Core application programming interface for the Cask Data Application Platform enabling development of scalable data processing applications on Hadoop ecosystems.
—
Workflow programs in CDAP provide orchestration capabilities for coordinating the execution of multiple programs with support for conditional logic, parallel execution, and state management.

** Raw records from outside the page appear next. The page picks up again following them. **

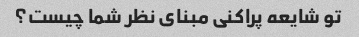
تو شایعه پراکنی مبنای نظر شما چیست؟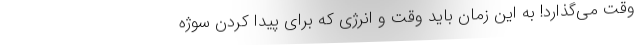
وقت می‌گذارد! به این زمان باید وقت و انرژی که برای پیدا کردن سوژه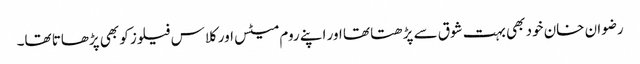
رضوان خان خود بھی بہت شوق سے پڑھتا تھا اور اپنے روم میٹس اور کلاس فیلوز کو بھی پڑھاتا تھا۔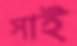
সাই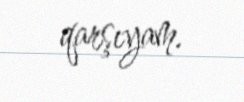
qarşıyam.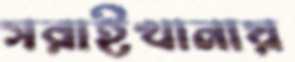
সরাইখানায়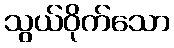
သွယ်ဝိုက်သော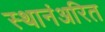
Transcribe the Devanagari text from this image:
स्थानंअरित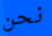
نحن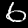
Digit: 6
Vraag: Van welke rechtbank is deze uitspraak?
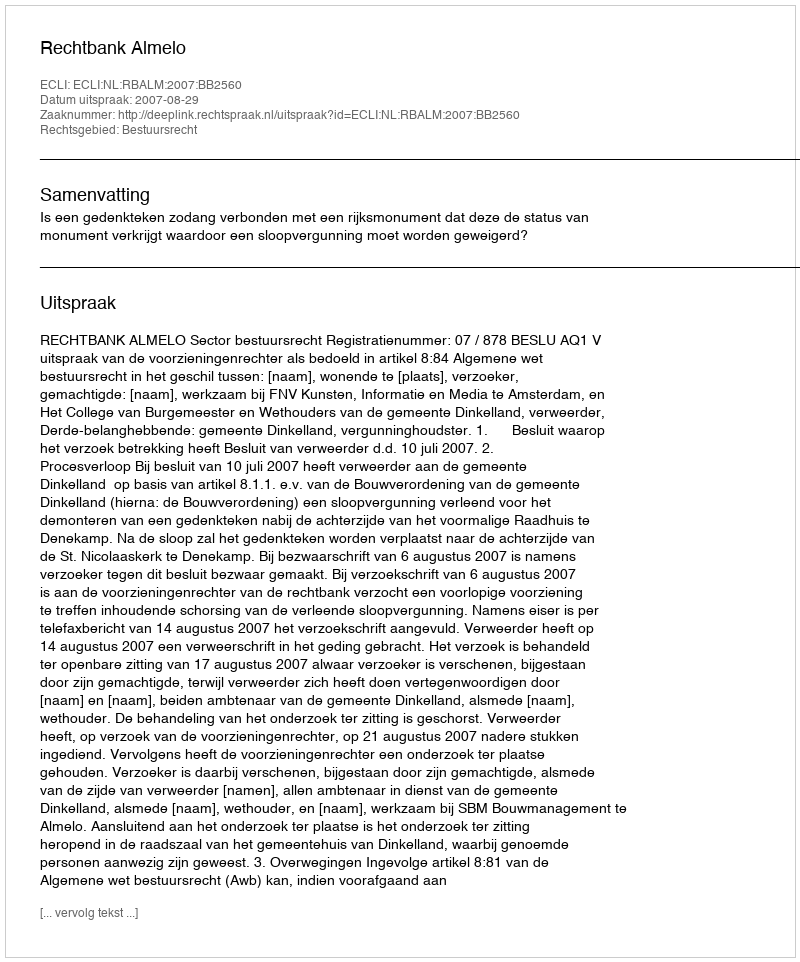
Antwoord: Rechtbank Almelo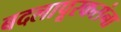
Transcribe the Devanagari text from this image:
बदलापूरकरांना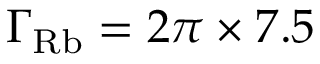
\Gamma _ { \mathrm { R b } } = 2 \pi \times 7 . 5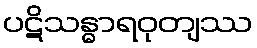
ပဋိသန္ဓာရဝုတျဿ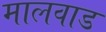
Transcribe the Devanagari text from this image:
मालवाड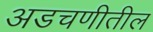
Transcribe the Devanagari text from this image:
अडचणीतील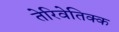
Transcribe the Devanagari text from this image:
तेरिवेतिक्क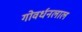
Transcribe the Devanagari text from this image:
गोवर्धनलाल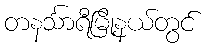
တနင်္သာရီမြို့နယ်တွင်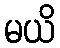
မယိ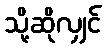
သို့ဆိုလျှင်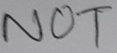
Text: NOT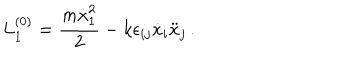
{ L } _ { 1 } ^ { ( 0 ) } = \frac { m \dot { x } _ { 1 } ^ { 2 } } { 2 } - k \epsilon _ { i j } \dot { x } _ { i } \ddot { x } _ { j } \, .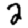
Digit: 2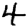
Digit: 4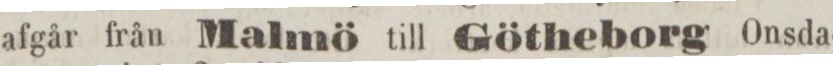
afgår från Malmö till Götheborg Onsda-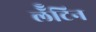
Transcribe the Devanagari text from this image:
लॅॅॅटिन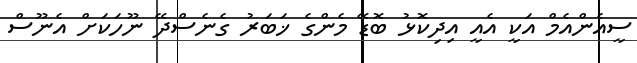
ސީއެންއެމް އަކީ އެއީ އިދިކޮޅު ބޮޑޭ މެންގެ ޚަބަރު ގެނެސްދޭ ނޫހަކަށް އެނޫސް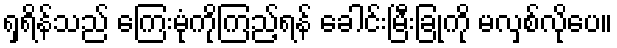
ရှရိန်သည် ကြေးမုံကိုကြည့်ရန် ခေါင်းမြီးခြုံကို မလှစ်လိုပေ။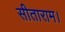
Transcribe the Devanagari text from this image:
सीताराम।
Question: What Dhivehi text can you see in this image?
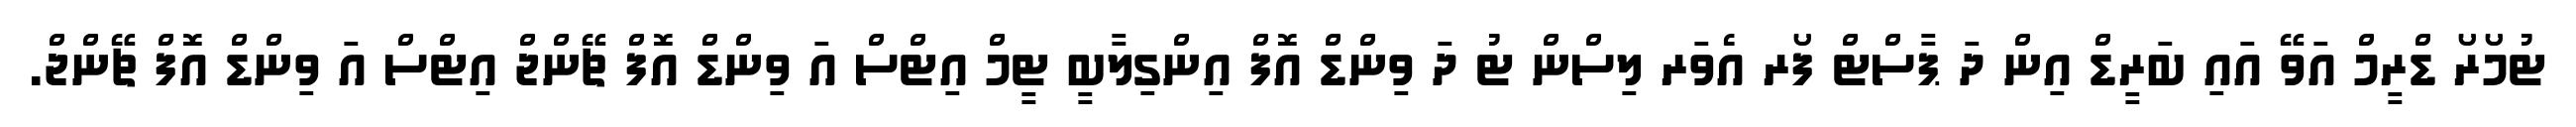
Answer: ޓުމޯރޯ ޑްރީމް އަވޭ އައި ބަރީޑް އިން ދަ ޕާސްޓް ފޯރ އެވަރ ލިސްން ޓު ދަ ވިންޑް އޮފް އިންގިލާބީ ޓީމް އިޓްސް އަ ވިންޑް އޮފް ޗޭންޖް އިޓްސް އަ ވިންޑް އޮފް ޗޭންޖް.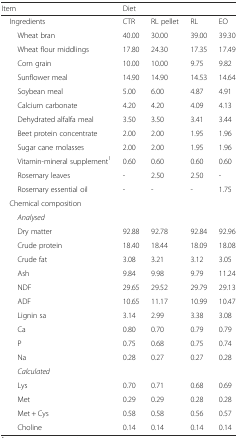
| Item | <COLSPAN=4> Diet |
 | --- | --- | --- | --- | --- |
 | Ingredients | CTR | RL pellet | RL | EO |
 | Wheat bran | 40.00 | 30.00 | 39.00 | 39.30 |
 | Wheat flour middlings | 17.80 | 24.30 | 17.35 | 17.49 |
 | Corn grain | 10.00 | 10.00 | 9.75 | 9.82 |
 | Sunflower meal | 14.90 | 14.90 | 14.53 | 14.64 |
 | Soybean meal | 5.00 | 6.00 | 4.87 | 4.91 |
 | Calcium carbonate | 4.20 | 4.20 | 4.09 | 4.13 |
 | Dehydrated alfalfa meal | 3.50 | 3.50 | 3.41 | 3.44 |
 | Beet protein concentrate | 2.00 | 2.00 | 1.95 | 1.96 |
 | Sugar cane molasses | 2.00 | 2.00 | 1.95 | 1.96 |
 | Vitamin-mineral supplement1 | 0.60 | 0.60 | 0.60 | 0.60 |
 | Rosemary leaves | - | 2.50 | 2.50 | - |
 | Rosemary essential oil | - | - | - | 1.75 |
 | Chemical composition |  |  |  |  |
 | Analysed |  |  |  |  |
 | Dry matter | 92.88 | 92.78 | 92.84 | 92.96 |
 | Crude protein | 18.40 | 18.44 | 18.09 | 18.08 |
 | Crude fat | 3.08 | 3.21 | 3.12 | 3.05 |
 | Ash | 9.84 | 9.98 | 9.79 | 11.24 |
 | NDF | 29.65 | 29.52 | 29.79 | 29.13 |
 | ADF | 10.65 | 11.17 | 10.99 | 10.47 |
 | Lignin sa | 3.14 | 2.99 | 3.38 | 3.08 |
 | Ca | 0.80 | 0.70 | 0.79 | 0.79 |
 | P | 0.75 | 0.68 | 0.75 | 0.74 |
 | Na | 0.28 | 0.27 | 0.27 | 0.28 |
 | Calculated |  |  |  |  |
 | Lys | 0.70 | 0.71 | 0.68 | 0.69 |
 | Met | 0.29 | 0.29 | 0.28 | 0.28 |
 | Met + Cys | 0.58 | 0.58 | 0.56 | 0.57 |
 | Choline | 0.14 | 0.14 | 0.14 | 0.14 |

public interface Workflow extends ProgramLifecycle<WorkflowContext> {
void configure(WorkflowConfigurer configurer);
}public abstract class AbstractWorkflow implements Workflow {
public abstract void configure(WorkflowConfigurer configurer);
@Override
public void initialize(WorkflowContext context) throws Exception {
// Optional initialization
}
@Override
public void destroy() {
// Optional cleanup
}
}public interface WorkflowConfigurer extends ProgramConfigurer, DatasetConfigurer, PluginConfigurer {
void addMapReduce(String name);
void addSpark(String name);
void addAction(CustomAction action);
void fork();
void also();
void join();
void condition(Condition condition);
void otherwise();
void end();
}public interface WorkflowContext extends RuntimeContext, DatasetContext {
WorkflowToken getWorkflowToken();
Map<String, String> getRuntimeArguments();
WorkflowNodeState getNodeState(String nodeName);
Map<String, WorkflowNodeState> getNodeStates();
}public interface WorkflowToken {
void put(String key, Value value);
void put(String key, String value);
void put(String key, int value);
void put(String key, long value);
void put(String key, double value);
void put(String key, boolean value);
Value get(String key);
Value get(String key, String nodeName);
Value get(String key, WorkflowNodeScope scope);
Map<String, Value> getAll();
Map<String, Value> getAll(WorkflowNodeScope scope);
void putAll(Map<String, String> values);
}public interface Condition extends ProgramLifecycle<WorkflowContext> {
void configure(ConditionConfigurer configurer);
boolean apply(WorkflowContext context) throws Exception;
}public abstract class AbstractCondition implements Condition {
public abstract void configure(ConditionConfigurer configurer);
public abstract boolean apply(WorkflowContext context) throws Exception;
@Override
public void initialize(WorkflowContext context) throws Exception {
// Optional initialization
}
@Override
public void destroy() {
// Optional cleanup
}
}public interface CustomAction extends ProgramLifecycle<CustomActionContext> {
void configure(CustomActionConfigurer configurer);
void run(CustomActionContext context) throws Exception;
}public class DataProcessingWorkflow extends AbstractWorkflow {
@Override
public void configure(WorkflowConfigurer configurer) {
configurer.setName("DataProcessingWorkflow");
configurer.setDescription("Processes daily data with validation and aggregation");
// Sequential execution
configurer.addAction(new DataValidationAction());
configurer.addMapReduce("DataCleaning");
configurer.addSpark("DataAggregation");
configurer.addAction(new NotificationAction());
}
}public class ConditionalWorkflow extends AbstractWorkflow {
@Override
public void configure(WorkflowConfigurer configurer) {
configurer.setName("ConditionalProcessing");
configurer.addAction(new DataCheckAction());
// Conditional execution based on data availability
configurer.condition(new DataAvailabilityCondition())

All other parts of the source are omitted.